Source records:
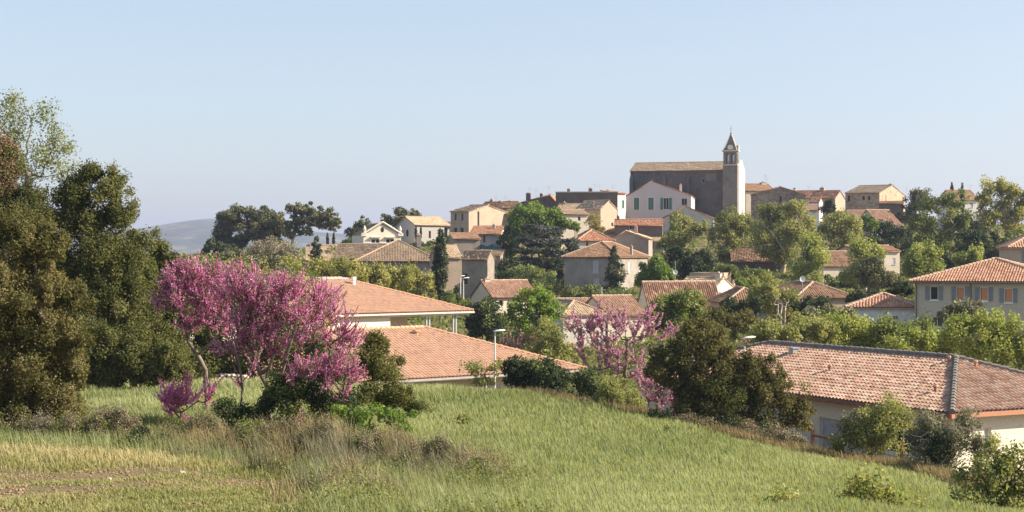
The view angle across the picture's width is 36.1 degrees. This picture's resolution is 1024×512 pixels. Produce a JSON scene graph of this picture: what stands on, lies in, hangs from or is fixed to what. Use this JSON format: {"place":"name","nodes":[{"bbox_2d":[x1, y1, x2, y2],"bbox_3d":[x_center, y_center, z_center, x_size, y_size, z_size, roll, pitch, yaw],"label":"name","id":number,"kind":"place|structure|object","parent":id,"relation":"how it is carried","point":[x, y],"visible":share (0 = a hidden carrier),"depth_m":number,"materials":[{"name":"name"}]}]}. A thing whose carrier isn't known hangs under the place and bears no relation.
{"place":"outdoors","nodes":[
{"label":"outdoors","id":0,"kind":"place"},
{"bbox_2d":[0,467,291,511],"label":"gravel","id":1,"kind":"structure","parent":0,"point":[69,490],"depth_m":29.52,"materials":[{"name":"stone"}]},
{"bbox_2d":[71,219,348,256],"bbox_3d":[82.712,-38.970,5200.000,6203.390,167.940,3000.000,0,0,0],"label":"hills","id":2,"kind":"structure","parent":0,"point":[191,237],"depth_m":4466.53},
{"bbox_2d":[0,421,633,511],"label":"grass","id":3,"kind":"structure","parent":0,"point":[424,493],"depth_m":25.91,"materials":[{"name":"green plant"}]},
{"bbox_2d":[0,215,1023,511],"bbox_3d":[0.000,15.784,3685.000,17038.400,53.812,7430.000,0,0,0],"label":"ground","id":4,"kind":"structure","parent":0,"point":[36,489],"depth_m":32.17,"materials":[{"name":"green plant"}]},
{"bbox_2d":[0,130,55,379],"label":"dry oak","id":5,"kind":"object","parent":4,"relation":"on","point":[10,164],"visible":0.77,"depth_m":79.55,"materials":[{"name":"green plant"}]},
{"bbox_2d":[0,86,80,202],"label":"ash tree","id":6,"kind":"object","parent":4,"relation":"on","point":[42,150],"visible":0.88,"depth_m":89.87,"materials":[{"name":"green plant"}]},
{"bbox_2d":[0,186,98,428],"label":"holm oak","id":7,"kind":"object","parent":4,"relation":"on","point":[28,385],"visible":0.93,"depth_m":43.60,"materials":[{"name":"green plant"}]},
{"bbox_2d":[0,392,142,444],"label":"weed clump","id":8,"kind":"object","parent":4,"relation":"on","point":[67,423],"visible":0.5,"depth_m":39.30,"materials":[{"name":"green plant"}]},
{"bbox_2d":[12,158,178,387],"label":"holm oak","id":9,"kind":"object","parent":4,"relation":"on","point":[128,268],"visible":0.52,"depth_m":75.47,"materials":[{"name":"green plant"}]},
{"bbox_2d":[44,309,198,388],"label":"bush","id":10,"kind":"object","parent":4,"relation":"on","point":[122,364],"visible":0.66,"depth_m":72.93,"materials":[{"name":"green plant"}]},
{"bbox_2d":[0,438,314,511],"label":"turf","id":11,"kind":"structure","parent":4,"relation":"on","point":[25,457],"depth_m":29.19,"materials":[{"name":"green plant"}]},
{"bbox_2d":[135,234,202,383],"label":"holm oak","id":12,"kind":"object","parent":4,"relation":"on","point":[160,253],"visible":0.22,"depth_m":81.68,"materials":[{"name":"green plant"}]},
{"bbox_2d":[154,370,223,421],"bbox_3d":[-9.790,4.415,47.016,1.972,2.133,1.578,0,0,39],"label":"redbud","id":13,"kind":"object","parent":4,"relation":"on","point":[178,396],"visible":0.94,"depth_m":46.88,"materials":[{"name":"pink plant"}]},
{"bbox_2d":[157,395,227,437],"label":"weed clump","id":14,"kind":"object","parent":4,"relation":"on","point":[205,420],"visible":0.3,"depth_m":39.27,"materials":[{"name":"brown plant"}]},
{"bbox_2d":[143,250,247,410],"bbox_3d":[-10.434,2.662,51.950,3.540,5.805,1.849,0,0,0],"label":"redbud","id":15,"kind":"object","parent":4,"relation":"on","point":[191,288],"visible":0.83,"depth_m":51.84,"materials":[{"name":"pink plant"}]},
{"bbox_2d":[155,286,246,378],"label":"redbud","id":16,"kind":"object","parent":4,"relation":"on","point":[204,337],"visible":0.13,"depth_m":94.07,"materials":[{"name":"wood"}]},
{"bbox_2d":[210,203,292,249],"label":"umbrella pine","id":17,"kind":"object","parent":4,"relation":"on","point":[263,223],"visible":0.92,"depth_m":338.23,"materials":[{"name":"green plant"}]},
{"bbox_2d":[219,410,308,451],"bbox_3d":[-6.057,4.410,38.510,2.577,1.415,1.510,0,0,0],"label":"weed clump","id":18,"kind":"object","parent":4,"relation":"on","point":[249,428],"visible":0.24,"depth_m":38.37,"materials":[{"name":"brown plant"}]},
{"bbox_2d":[244,235,303,262],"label":"leafless tree","id":19,"kind":"object","parent":4,"relation":"on","point":[263,248],"visible":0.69,"depth_m":239.12,"materials":[{"name":"grey plant"}]},
{"bbox_2d":[1,408,549,511],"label":"dry grass","id":20,"kind":"structure","parent":4,"relation":"on","point":[201,433],"depth_m":34.02,"materials":[{"name":"plant"}]},
{"bbox_2d":[194,301,358,382],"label":"field scrub","id":21,"kind":"object","parent":4,"relation":"on","point":[244,358],"visible":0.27,"depth_m":95.40,"materials":[{"name":"green plant"}]},
{"bbox_2d":[84,276,474,340],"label":"school pavilion","id":22,"kind":"structure","parent":4,"relation":"on","point":[378,306],"depth_m":138.39,"materials":[{"name":"tile"}]},
{"bbox_2d":[204,253,366,416],"bbox_3d":[-6.621,2.604,46.109,4.728,5.430,2.594,0,0,-11],"label":"redbud","id":23,"kind":"object","parent":4,"relation":"on","point":[252,297],"visible":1,"depth_m":45.80,"materials":[{"name":"pink plant"}]},
{"bbox_2d":[211,367,365,427],"bbox_3d":[-6.570,4.226,45.188,4.793,2.140,1.863,0,0,0],"label":"ivy shrub","id":24,"kind":"object","parent":4,"relation":"on","point":[281,395],"visible":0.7,"depth_m":45.01,"materials":[{"name":"green plant"}]},
{"bbox_2d":[283,201,341,250],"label":"umbrella pine","id":25,"kind":"object","parent":4,"relation":"on","point":[324,219],"visible":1,"depth_m":334.10,"materials":[{"name":"green plant"}]},
{"bbox_2d":[0,408,628,511],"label":"weeds","id":26,"kind":"object","parent":4,"relation":"on","point":[376,490],"visible":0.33,"depth_m":27.25,"materials":[{"name":"green plant"}]},
{"bbox_2d":[279,408,352,460],"bbox_3d":[-4.552,4.210,36.592,2.138,1.726,1.325,0,0,0],"label":"weed clump","id":27,"kind":"object","parent":4,"relation":"on","point":[320,428],"visible":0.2,"depth_m":36.35,"materials":[{"name":"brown plant"}]},
{"bbox_2d":[279,342,371,428],"bbox_3d":[-5.319,3.891,44.968,2.694,2.958,1.553,0,0,0],"label":"redbud","id":28,"kind":"object","parent":4,"relation":"on","point":[330,370],"visible":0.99,"depth_m":44.86,"materials":[{"name":"pink plant"}]},
{"bbox_2d":[328,254,368,282],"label":"plane tree","id":29,"kind":"object","parent":4,"relation":"on","point":[349,270],"visible":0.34,"depth_m":195.87,"materials":[{"name":"green plant"}]},
{"bbox_2d":[331,243,386,269],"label":"tiled house","id":30,"kind":"structure","parent":4,"relation":"on","point":[354,250],"depth_m":277.14,"materials":[{"name":"tile"}]},
{"bbox_2d":[330,402,417,434],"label":"leafy bush","id":31,"kind":"object","parent":4,"relation":"on","point":[364,415],"visible":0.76,"depth_m":42.90,"materials":[{"name":"green plant"}]},
{"bbox_2d":[338,416,412,456],"bbox_3d":[-3.191,4.219,35.480,1.967,1.660,1.354,0,0,0],"label":"weed clump","id":32,"kind":"object","parent":4,"relation":"on","point":[365,442],"visible":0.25,"depth_m":35.27,"materials":[{"name":"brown plant"}]},
{"bbox_2d":[352,221,402,243],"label":"pediment house","id":33,"kind":"structure","parent":4,"relation":"on","point":[382,232],"depth_m":301.07,"materials":[{"name":"paint"}]},
{"bbox_2d":[354,233,429,276],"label":"long roof house","id":34,"kind":"structure","parent":4,"relation":"on","point":[398,252],"depth_m":263.60,"materials":[{"name":"tile"}]},
{"bbox_2d":[351,328,433,417],"bbox_3d":[-3.804,4.015,49.977,2.682,3.468,1.711,0,0,0],"label":"evergreen shrub","id":35,"kind":"object","parent":4,"relation":"on","point":[392,394],"visible":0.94,"depth_m":49.82,"materials":[{"name":"green plant"}]},
{"bbox_2d":[224,325,586,389],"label":"house roof","id":36,"kind":"structure","parent":4,"relation":"on","point":[433,355],"depth_m":111.00,"materials":[{"name":"tile"}]},
{"bbox_2d":[397,268,437,319],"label":"plane tree","id":37,"kind":"object","parent":4,"relation":"on","point":[417,278],"visible":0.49,"depth_m":195.36,"materials":[{"name":"green plant"}]},
{"bbox_2d":[396,216,450,245],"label":"house","id":38,"kind":"structure","parent":4,"relation":"on","point":[430,225],"depth_m":314.51,"materials":[{"name":"paint"}]},
{"bbox_2d":[399,422,471,465],"bbox_3d":[-1.530,4.246,33.154,1.799,1.589,1.450,0,0,0],"label":"weed clump","id":39,"kind":"object","parent":4,"relation":"on","point":[436,443],"visible":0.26,"depth_m":32.83,"materials":[{"name":"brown plant"}]},
{"bbox_2d":[431,228,449,325],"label":"cypress","id":40,"kind":"object","parent":4,"relation":"on","point":[440,257],"visible":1,"depth_m":185.61,"materials":[{"name":"green plant"}]},
{"bbox_2d":[429,244,461,293],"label":"walled house","id":41,"kind":"structure","parent":4,"relation":"on","point":[454,266],"depth_m":250.67,"materials":[{"name":"paint"}]},
{"bbox_2d":[460,250,495,298],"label":"shadow house","id":42,"kind":"structure","parent":4,"relation":"on","point":[477,266],"depth_m":245.45,"materials":[{"name":"paint"}]},
{"bbox_2d":[449,204,507,231],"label":"corner house","id":43,"kind":"structure","parent":4,"relation":"on","point":[466,218],"depth_m":301.76,"materials":[{"name":"paint"}]},
{"bbox_2d":[463,295,508,342],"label":"garden tree","id":44,"kind":"object","parent":4,"relation":"on","point":[485,319],"visible":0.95,"depth_m":159.41,"materials":[{"name":"green plant"}]},
{"bbox_2d":[458,354,521,388],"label":"hedge bush","id":45,"kind":"object","parent":4,"relation":"on","point":[482,378],"visible":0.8,"depth_m":92.91,"materials":[{"name":"green plant"}]},
{"bbox_2d":[470,277,532,316],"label":"brick roof villa","id":46,"kind":"object","parent":4,"relation":"on","point":[503,290],"visible":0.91,"depth_m":200.80,"materials":[{"name":"paint"}]},
{"bbox_2d":[0,376,1023,511],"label":"grass","id":47,"kind":"structure","parent":4,"relation":"on","point":[646,463],"depth_m":44.60,"materials":[{"name":"green plant"}]},
{"bbox_2d":[9,214,1023,407],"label":"undergrowth","id":48,"kind":"object","parent":4,"relation":"on","point":[693,244],"visible":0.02,"depth_m":190.70,"materials":[{"name":"green plant"}]},
{"bbox_2d":[498,263,564,294],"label":"garden tree","id":49,"kind":"object","parent":4,"relation":"on","point":[536,276],"visible":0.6,"depth_m":234.55,"materials":[{"name":"green plant"}]},
{"bbox_2d":[502,285,568,347],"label":"garden tree","id":50,"kind":"object","parent":4,"relation":"on","point":[535,300],"visible":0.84,"depth_m":149.50,"materials":[{"name":"green plant"}]},
{"bbox_2d":[500,353,576,395],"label":"hedge bush","id":51,"kind":"object","parent":4,"relation":"on","point":[526,373],"visible":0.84,"depth_m":87.42,"materials":[{"name":"green plant"}]},
{"bbox_2d":[497,199,580,257],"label":"chestnut tree","id":52,"kind":"object","parent":4,"relation":"on","point":[532,213],"visible":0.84,"depth_m":280.56,"materials":[{"name":"green plant"}]},
{"bbox_2d":[509,224,580,271],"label":"cedar tree","id":53,"kind":"object","parent":4,"relation":"on","point":[533,246],"visible":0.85,"depth_m":266.55,"materials":[{"name":"green plant"}]},
{"bbox_2d":[522,314,581,363],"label":"garden tree","id":54,"kind":"object","parent":4,"relation":"on","point":[551,345],"visible":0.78,"depth_m":131.58,"materials":[{"name":"green plant"}]},
{"bbox_2d":[525,298,606,347],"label":"hip villa","id":55,"kind":"object","parent":4,"relation":"on","point":[583,309],"visible":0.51,"depth_m":167.29,"materials":[{"name":"paint"}]},
{"bbox_2d":[555,184,617,215],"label":"terrace house","id":56,"kind":"structure","parent":4,"relation":"on","point":[568,196],"depth_m":331.59,"materials":[{"name":"paint"}]},
{"bbox_2d":[570,366,604,399],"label":"hedge bush","id":57,"kind":"object","parent":4,"relation":"on","point":[584,381],"visible":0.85,"depth_m":84.69,"materials":[{"name":"green plant"}]},
{"bbox_2d":[575,200,617,231],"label":"gabled house","id":58,"kind":"structure","parent":4,"relation":"on","point":[606,210],"depth_m":310.86,"materials":[{"name":"paint"}]},
{"bbox_2d":[561,241,650,293],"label":"hipped house","id":59,"kind":"structure","parent":4,"relation":"on","point":[586,265],"depth_m":251.22,"materials":[{"name":"paint"}]},
{"bbox_2d":[601,245,628,291],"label":"spruce tree","id":60,"kind":"object","parent":4,"relation":"on","point":[615,276],"visible":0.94,"depth_m":233.62,"materials":[{"name":"green plant"}]},
{"bbox_2d":[585,294,645,344],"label":"front villa","id":61,"kind":"object","parent":4,"relation":"on","point":[633,307],"visible":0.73,"depth_m":170.41,"materials":[{"name":"tile"}]},
{"bbox_2d":[591,374,647,407],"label":"broom bush","id":62,"kind":"object","parent":4,"relation":"on","point":[607,386],"visible":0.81,"depth_m":80.65,"materials":[{"name":"green plant"}]},
{"bbox_2d":[561,297,680,399],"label":"redbud","id":63,"kind":"object","parent":4,"relation":"on","point":[591,325],"visible":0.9,"depth_m":92.96,"materials":[{"name":"pink plant"}]},
{"bbox_2d":[612,225,654,260],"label":"cat slide house","id":64,"kind":"structure","parent":4,"relation":"on","point":[639,242],"depth_m":285.27,"materials":[{"name":"paint"}]},
{"bbox_2d":[614,215,662,236],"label":"striped roof house","id":65,"kind":"structure","parent":4,"relation":"on","point":[651,227],"depth_m":302.81,"materials":[{"name":"tile"}]},
{"bbox_2d":[633,252,674,287],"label":"clipped tree","id":66,"kind":"object","parent":4,"relation":"on","point":[657,269],"visible":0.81,"depth_m":217.09,"materials":[{"name":"green plant"}]},
{"bbox_2d":[634,364,676,411],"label":"redbud","id":67,"kind":"object","parent":4,"relation":"on","point":[647,382],"visible":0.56,"depth_m":83.78,"materials":[{"name":"pink plant"}]},
{"bbox_2d":[626,180,695,218],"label":"pink house","id":68,"kind":"structure","parent":4,"relation":"on","point":[652,199],"depth_m":337.12,"materials":[{"name":"paint"}]},
{"bbox_2d":[642,285,707,337],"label":"garden tree","id":69,"kind":"object","parent":4,"relation":"on","point":[673,306],"visible":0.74,"depth_m":141.32,"materials":[{"name":"green plant"}]},
{"bbox_2d":[637,280,718,325],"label":"twin roof villa","id":70,"kind":"object","parent":4,"relation":"on","point":[650,291],"visible":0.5,"depth_m":186.50,"materials":[{"name":"tile"}]},
{"bbox_2d":[662,209,710,251],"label":"plane tree","id":71,"kind":"object","parent":4,"relation":"on","point":[681,237],"visible":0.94,"depth_m":271.13,"materials":[{"name":"green plant"}]},
{"bbox_2d":[629,130,744,218],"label":"church","id":72,"kind":"structure","parent":4,"relation":"on","point":[713,188],"depth_m":357.83,"materials":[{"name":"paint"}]},
{"bbox_2d":[660,245,718,279],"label":"dark tree","id":73,"kind":"object","parent":4,"relation":"on","point":[686,264],"visible":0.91,"depth_m":234.05,"materials":[{"name":"green plant"}]},
{"bbox_2d":[647,407,795,434],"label":"hedge scrub","id":74,"kind":"object","parent":4,"relation":"on","point":[656,412],"visible":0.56,"depth_m":73.08,"materials":[{"name":"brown plant"}]},
{"bbox_2d":[642,311,817,431],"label":"bush","id":75,"kind":"object","parent":4,"relation":"on","point":[714,392],"visible":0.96,"depth_m":75.53,"materials":[{"name":"green plant"}]},
{"bbox_2d":[705,203,757,264],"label":"plane tree","id":76,"kind":"object","parent":4,"relation":"on","point":[738,225],"visible":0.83,"depth_m":267.23,"materials":[{"name":"green plant"}]},
{"bbox_2d":[699,305,766,342],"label":"garden shrub","id":77,"kind":"object","parent":4,"relation":"on","point":[739,323],"visible":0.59,"depth_m":119.65,"materials":[{"name":"green plant"}]},
{"bbox_2d":[707,295,765,341],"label":"garden shrub","id":78,"kind":"object","parent":4,"relation":"on","point":[730,305],"visible":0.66,"depth_m":149.40,"materials":[{"name":"green plant"}]},
{"bbox_2d":[497,385,984,488],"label":"rough grass","id":79,"kind":"structure","parent":4,"relation":"on","point":[928,468],"depth_m":67.53,"materials":[{"name":"green plant"}]},
{"bbox_2d":[730,246,780,272],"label":"farmhouse","id":80,"kind":"object","parent":4,"relation":"on","point":[743,257],"visible":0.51,"depth_m":261.85,"materials":[{"name":"tile"}]},
{"bbox_2d":[745,269,801,320],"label":"garden tree","id":81,"kind":"object","parent":4,"relation":"on","point":[768,294],"visible":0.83,"depth_m":157.28,"materials":[{"name":"green plant"}]},
{"bbox_2d":[750,186,806,220],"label":"stone barn","id":82,"kind":"structure","parent":4,"relation":"on","point":[780,195],"depth_m":345.11,"materials":[{"name":"beige stone"}]},
{"bbox_2d":[745,198,816,273],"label":"plane tree","id":83,"kind":"object","parent":4,"relation":"on","point":[788,242],"visible":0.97,"depth_m":257.09,"materials":[{"name":"green plant"}]},
{"bbox_2d":[745,309,840,344],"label":"thicket","id":84,"kind":"object","parent":4,"relation":"on","point":[821,331],"visible":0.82,"depth_m":111.45,"materials":[{"name":"green plant"}]},
{"bbox_2d":[788,225,831,282],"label":"pollarded plane","id":85,"kind":"object","parent":4,"relation":"on","point":[812,254],"visible":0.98,"depth_m":227.39,"materials":[{"name":"green plant"}]},
{"bbox_2d":[774,280,848,325],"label":"hedge villa","id":86,"kind":"object","parent":4,"relation":"on","point":[815,288],"visible":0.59,"depth_m":174.24,"materials":[{"name":"tile"}]},
{"bbox_2d":[628,340,1023,470],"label":"mottled roof house","id":87,"kind":"structure","parent":4,"relation":"on","point":[841,378],"depth_m":79.38,"materials":[{"name":"tile"}]},
{"bbox_2d":[814,208,863,250],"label":"plane tree","id":88,"kind":"object","parent":4,"relation":"on","point":[851,224],"visible":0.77,"depth_m":269.23,"materials":[{"name":"green plant"}]},
{"bbox_2d":[815,304,888,347],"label":"thicket","id":89,"kind":"object","parent":4,"relation":"on","point":[853,329],"visible":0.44,"depth_m":113.26,"materials":[{"name":"green plant"}]},
{"bbox_2d":[838,234,887,291],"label":"pollarded plane","id":90,"kind":"object","parent":4,"relation":"on","point":[861,249],"visible":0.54,"depth_m":221.57,"materials":[{"name":"green plant"}]},
{"bbox_2d":[825,389,918,457],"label":"bungalow shrub","id":91,"kind":"object","parent":4,"relation":"on","point":[878,424],"visible":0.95,"depth_m":65.79,"materials":[{"name":"green plant"}]},
{"bbox_2d":[844,183,904,211],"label":"stone house","id":92,"kind":"structure","parent":4,"relation":"on","point":[862,197],"depth_m":361.43,"materials":[{"name":"beige stone"}]},
{"bbox_2d":[850,251,898,291],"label":"tamarisk tree","id":93,"kind":"object","parent":4,"relation":"on","point":[869,276],"visible":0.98,"depth_m":199.34,"materials":[{"name":"green plant"}]},
{"bbox_2d":[844,291,914,327],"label":"annex","id":94,"kind":"object","parent":4,"relation":"on","point":[894,306],"visible":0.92,"depth_m":142.49,"materials":[{"name":"tile"}]},
{"bbox_2d":[834,461,929,508],"bbox_3d":[6.086,4.029,25.999,1.464,1.381,1.011,0,0,-23],"label":"shoot","id":95,"kind":"object","parent":4,"relation":"on","point":[867,490],"visible":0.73,"depth_m":25.91,"materials":[{"name":"green plant"}]},
{"bbox_2d":[865,308,942,350],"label":"thicket","id":96,"kind":"object","parent":4,"relation":"on","point":[879,330],"visible":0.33,"depth_m":111.50,"materials":[{"name":"green plant"}]},
{"bbox_2d":[894,187,935,234],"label":"aleppo pine","id":97,"kind":"object","parent":4,"relation":"on","point":[917,195],"visible":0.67,"depth_m":324.46,"materials":[{"name":"green plant"}]},
{"bbox_2d":[875,318,960,353],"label":"thicket","id":98,"kind":"object","parent":4,"relation":"on","point":[928,340],"visible":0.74,"depth_m":103.39,"materials":[{"name":"green plant"}]},
{"bbox_2d":[900,232,945,283],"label":"pollarded plane","id":99,"kind":"object","parent":4,"relation":"on","point":[915,264],"visible":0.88,"depth_m":215.12,"materials":[{"name":"green plant"}]},
{"bbox_2d":[904,188,974,263],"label":"plane tree","id":100,"kind":"object","parent":4,"relation":"on","point":[957,221],"visible":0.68,"depth_m":271.23,"materials":[{"name":"green plant"}]},
{"bbox_2d":[901,402,1001,468],"bbox_3d":[16.815,7.216,60.052,3.869,3.294,2.731,0,0,0],"label":"olive bush","id":101,"kind":"object","parent":4,"relation":"on","point":[934,443],"visible":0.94,"depth_m":59.68,"materials":[{"name":"green plant"}]},
{"bbox_2d":[933,296,986,325],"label":"garden shrub","id":102,"kind":"object","parent":4,"relation":"on","point":[972,307],"visible":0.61,"depth_m":123.61,"materials":[{"name":"green plant"}]},
{"bbox_2d":[908,257,1023,343],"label":"shuttered house","id":103,"kind":"structure","parent":4,"relation":"on","point":[995,282],"depth_m":138.73,"materials":[{"name":"paint"}]},
{"bbox_2d":[938,300,1023,369],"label":"thicket","id":104,"kind":"object","parent":4,"relation":"on","point":[1006,347],"visible":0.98,"depth_m":99.40,"materials":[{"name":"green plant"}]},
{"bbox_2d":[955,226,1008,259],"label":"dark tree","id":105,"kind":"object","parent":4,"relation":"on","point":[978,237],"visible":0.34,"depth_m":235.43,"materials":[{"name":"green plant"}]},
{"bbox_2d":[948,434,1023,508],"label":"thorn shrub","id":106,"kind":"object","parent":4,"relation":"on","point":[1000,465],"visible":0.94,"depth_m":32.86,"materials":[{"name":"green plant"}]},
{"bbox_2d":[973,174,1023,243],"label":"plane tree","id":107,"kind":"object","parent":4,"relation":"on","point":[1001,213],"visible":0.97,"depth_m":257.16,"materials":[{"name":"green plant"}]},
{"bbox_2d":[995,234,1023,263],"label":"tan house","id":108,"kind":"structure","parent":4,"relation":"on","point":[1012,250],"depth_m":168.27,"materials":[{"name":"paint"}]},
{"bbox_2d":[0,0,1023,233],"label":"sky","id":109,"kind":"structure","parent":0,"point":[367,108],"materials":[{"name":"blue"}]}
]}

### WORK ITEM
For the word "beige", work out how many lines of the entries contain it, and state the number alone.

### THE ANSWER
2